By the way, some of the craftswomen did not even graduate from culinary technical schools. So go ahead, be inspired and look! And it will help you start working with the test. Want to try your hand at textiles? You will need this master class. And in you will find an ocean of ideas for creativity.

Hobby should be. Just because it's so much better than hanging aimlessly on the net or in front of the TV screen.

Some like to read books, others like to cross-stitch, and my neighbor changes her dog's hair almost every month. This is also a kind of passion. And people have such interests that you will be amazed. Well, that's their worldview.

The most unusual hobbies in the world

If you do not yet have a favorite hobby, I advise you to take a closer look at the following, and suddenly something will interest you. And soon you will become a famous master.

Strange haircuts for cats and dogs

It turns out that this is the most amazing hobby in the world, or almost the most.

There are even such contests. I wonder how the animals themselves relate to everything that happens?

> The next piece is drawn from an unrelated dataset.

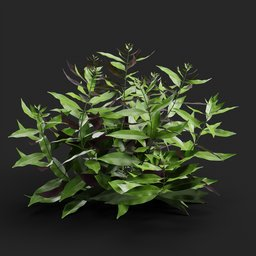
Label: nature

If you decide to cut a cat for the summer, maybe you should think about it, but does he need it?

Amazing masterpieces and sculptural compositions from pencils

This was first thought up by Dalton Getty. And now the famous pencil figure sculptor is Jennifer Maestre. The peculiar vision of starfish and urchins became her inspiration.

There are eccentrics who like to draw abstractions and simply beautiful pictures on the sand.

This is understandable about sand castles, but what a pity it is to say goodbye to such beautiful pictures depicted on yarn.

Their lifespan is before high tide. Beauty is so short-lived. I suggest experimenting on your next vacation.

quilling

Try making unusual, even futuristic figures from twisted strips of paper.

Even Queen Elizabeth enjoys it at her leisure. Some of her work can be seen in London's Victoria and Albert Museum.

An interesting feature of such a hobby is that the masterpieces created by this technique can be used in everyday life as all kinds of coasters and decor elements. The service life is very long. Shapes and colors stay colorful and durable for a long time.

Many people love to embroider with beads, and weaving entire houses with furniture and accessories or vases of flowers from colorful colored beads is already for fans of this hobby.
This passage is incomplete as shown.